Quasistatic and reversible are not the same thing. For example you can mix two gases very slowly (quasistatic) but you can't reverse that easily. The reason is that the entropy between the starting point and the endpoint has increased and that's a main characteristic of an irreversible process.
• You say it is in equilibrium the whole time. That means an infinitesimally small particle is removed each and every time. So basically, the system remains where it was before even after removing all the particles one-by-one. But that doesn't happen when you remove all of them together. I don't get this.

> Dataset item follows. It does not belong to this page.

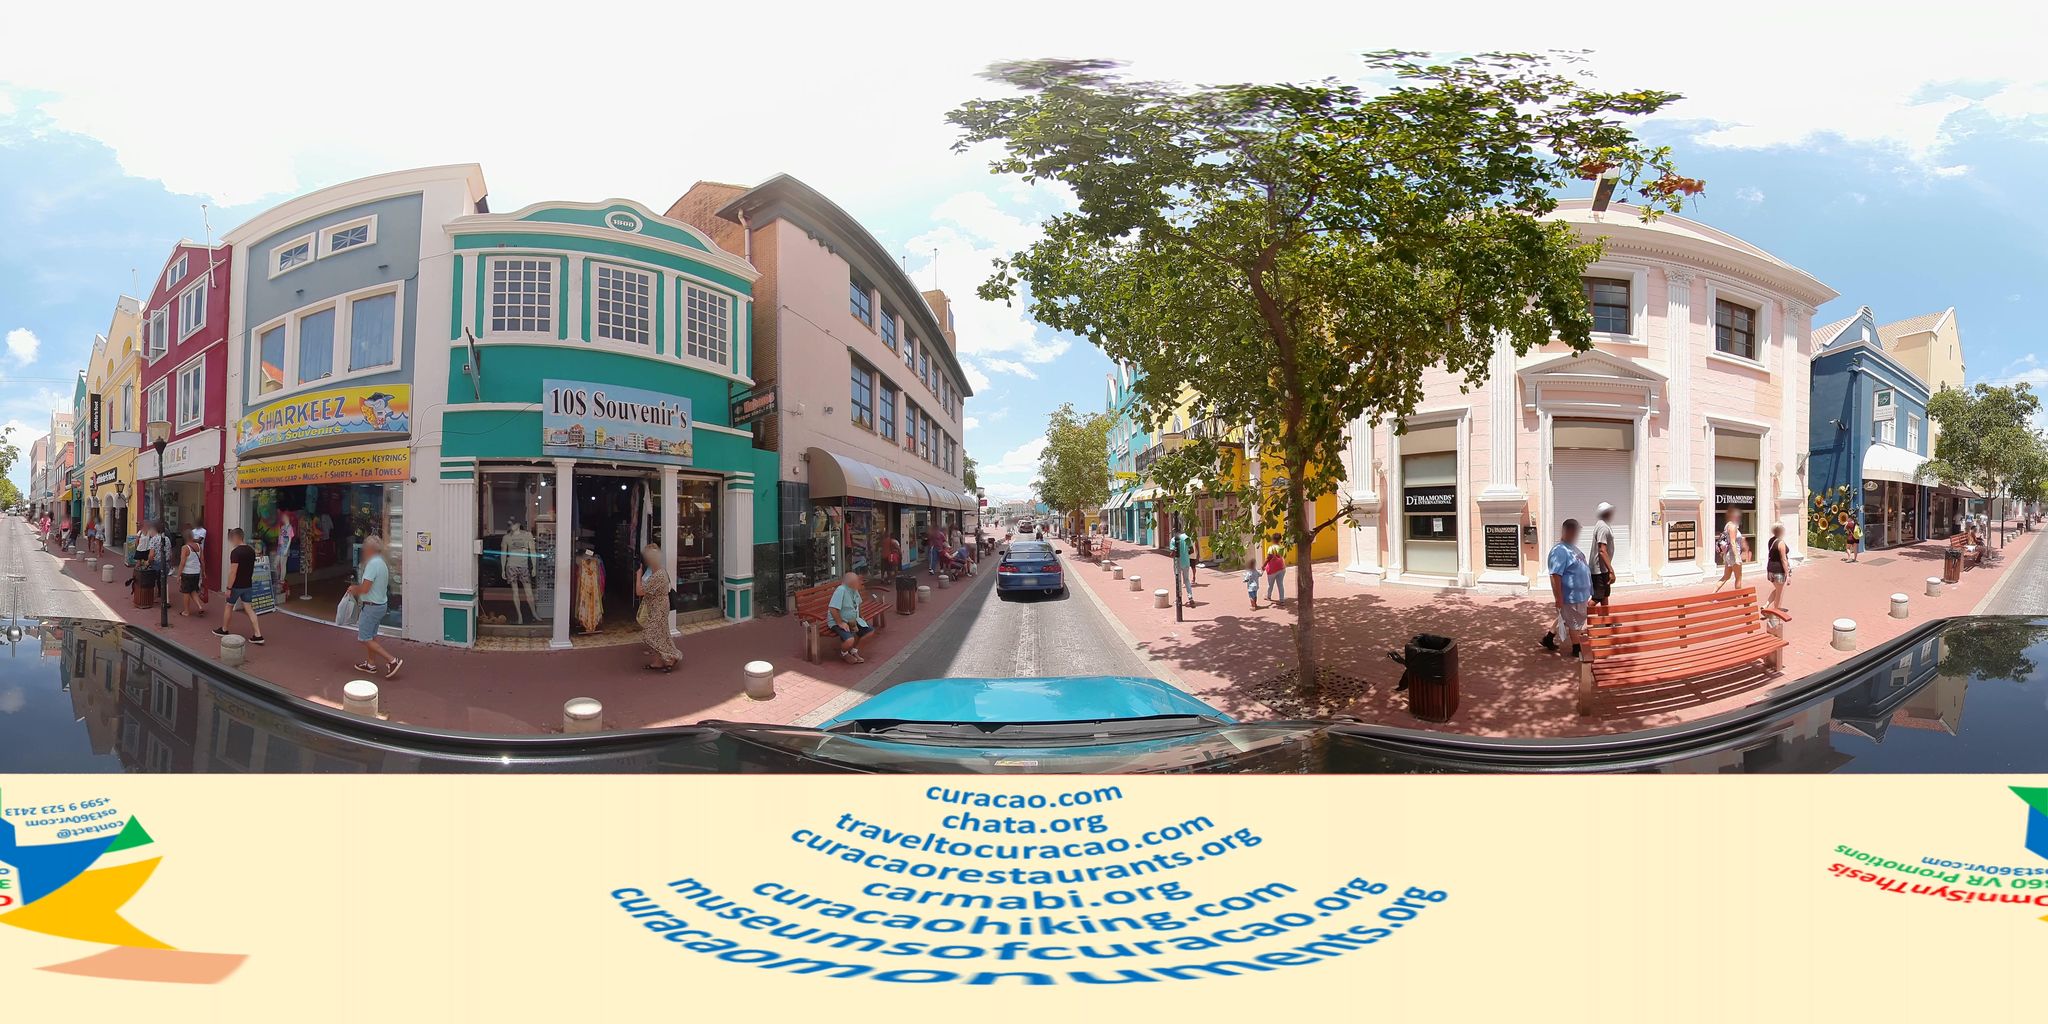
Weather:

(1 vote) • Think of this as "baby steps". If, instead of using infinitesimally small particles, let's use sand. After removing a single grain, the system would become chaotic, but only very mildly so. After a very short amount of time it would come back to equilibrium. We could take our measurements, and move on to the next grain. Reducing the size of those grains reduces the time it takes to reach equilibrium, such that an infinitesimally small particle will take an infinitesimally short amount of time.
You might need to wrap your head around equilibrium in general to better understand this. The essential point is that the system becomes non-uniform temporarily. The temperature and pressure is not consistent all the way through. Theoretically the average temperature and pressure of all points within the volume will always fall along the line he plotted, but there is no way to measure the pressure at every point simultaneously. It is therefore necessary to wait for the system to come to equilibrium before gathering any meaningful information from it.
• Are microstates also known as INTENSIVE properties ? • So, this is probably a definition issue, but why does a reversible process have to go through infinitesimal changes like a quasi-static process? Doesn't a process which does not lose energy to friction and heat dissipation and which is also able to fully reverse between two states already qualify as a reversible process? Why should it matter if I take one grain of sand away or a big amount of it if by doing the opposite I end up perfectly in the state I started in for both cases?

Is it because the definition of a reversible process is that we need to have 'well-defined' system states to be measured and that the path from initial to final state, like that of a quasi-static process, must be shown? I'm wondering because making a big change, although you will experience a much more dynamic change (oscillations of states etc), you will still end up with equilibrium with time. So say you go from state 1 to state 2 by taking away 1 kg of sand grain by grain which takes a lot of time. Compare this with taing away 1 kg of sand instantaneously and waiting for equilibrium to occur. Both approaches will get from the same state 1 to the same state 2. Now reverse the process by doing the opposite and both will get back to the same initial state. Can the second approach of taking away a large instead of an infinitesimal amount still be called a 'reversible process'?

**UPDATE
Just realized that Sal explained what I wrote in my two comments to this question at the very end of the video (from ). • My take on it is that if you jumped from state A to B quickly (like by removing the large rock off the piston) you would lose a lot of energy to friction, air turbulence, heat, vibration, etc. There is probably also inefficiency in the inner gas having to quickly rearrange itself to equalize pressure and temperature. So I don't know if you can say "non-quasi-static" AND "no heat or energy loss" in this example. I don't think state 2 will be the same if you do this quickly and slowly, which was your assumption.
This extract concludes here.